YOUR GOAL: Copy out the entries word for word, leaving images aside.
=== ENTRIES PROVIDED ===
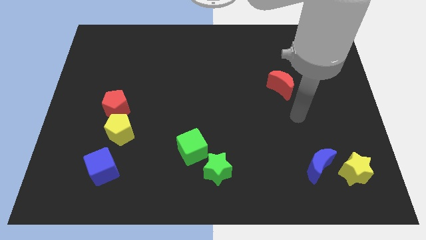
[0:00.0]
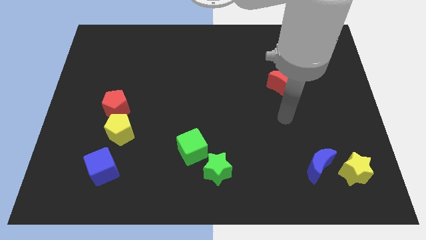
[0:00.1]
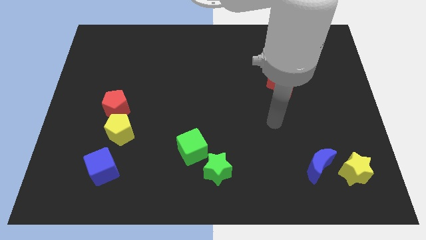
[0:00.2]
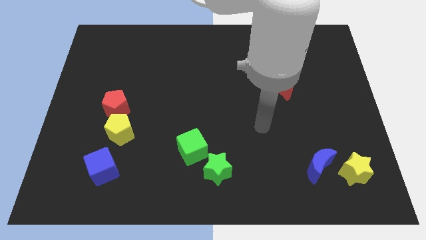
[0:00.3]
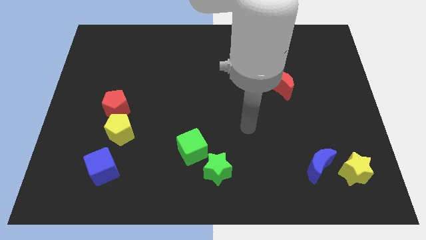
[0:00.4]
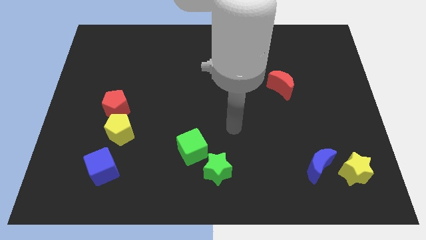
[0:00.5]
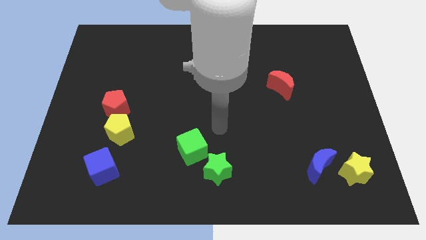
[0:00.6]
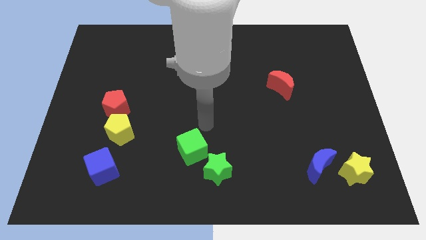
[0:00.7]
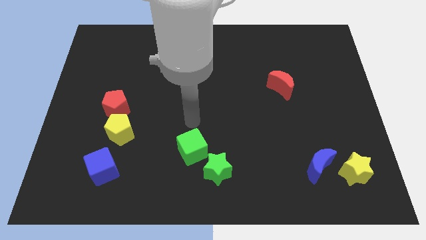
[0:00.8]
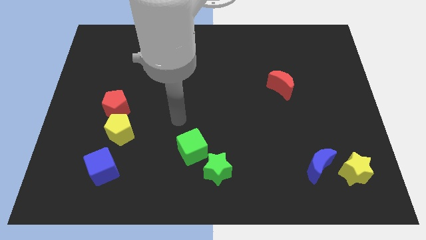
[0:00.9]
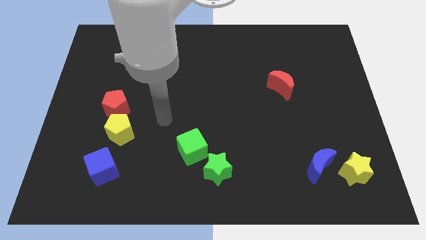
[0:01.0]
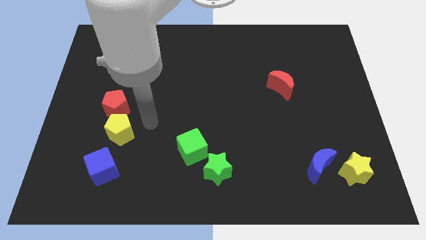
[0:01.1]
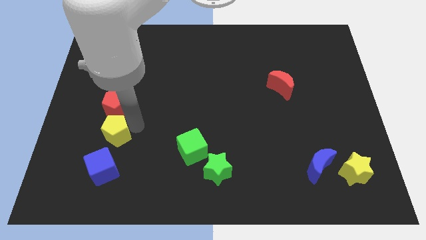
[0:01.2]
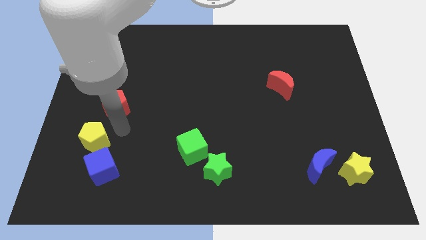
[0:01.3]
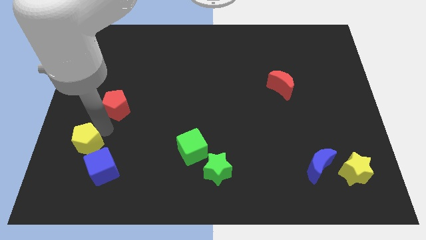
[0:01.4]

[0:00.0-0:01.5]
===
ANSWER BOX:
[0:00.0]
[0:00.1]
[0:00.2]
[0:00.3]
[0:00.4]
[0:00.5]
[0:00.6]
[0:00.7]
[0:00.8]
[0:00.9]
[0:01.0]
[0:01.1]
[0:01.2]
[0:01.3]
[0:01.4]

[0:00.0-0:01.5]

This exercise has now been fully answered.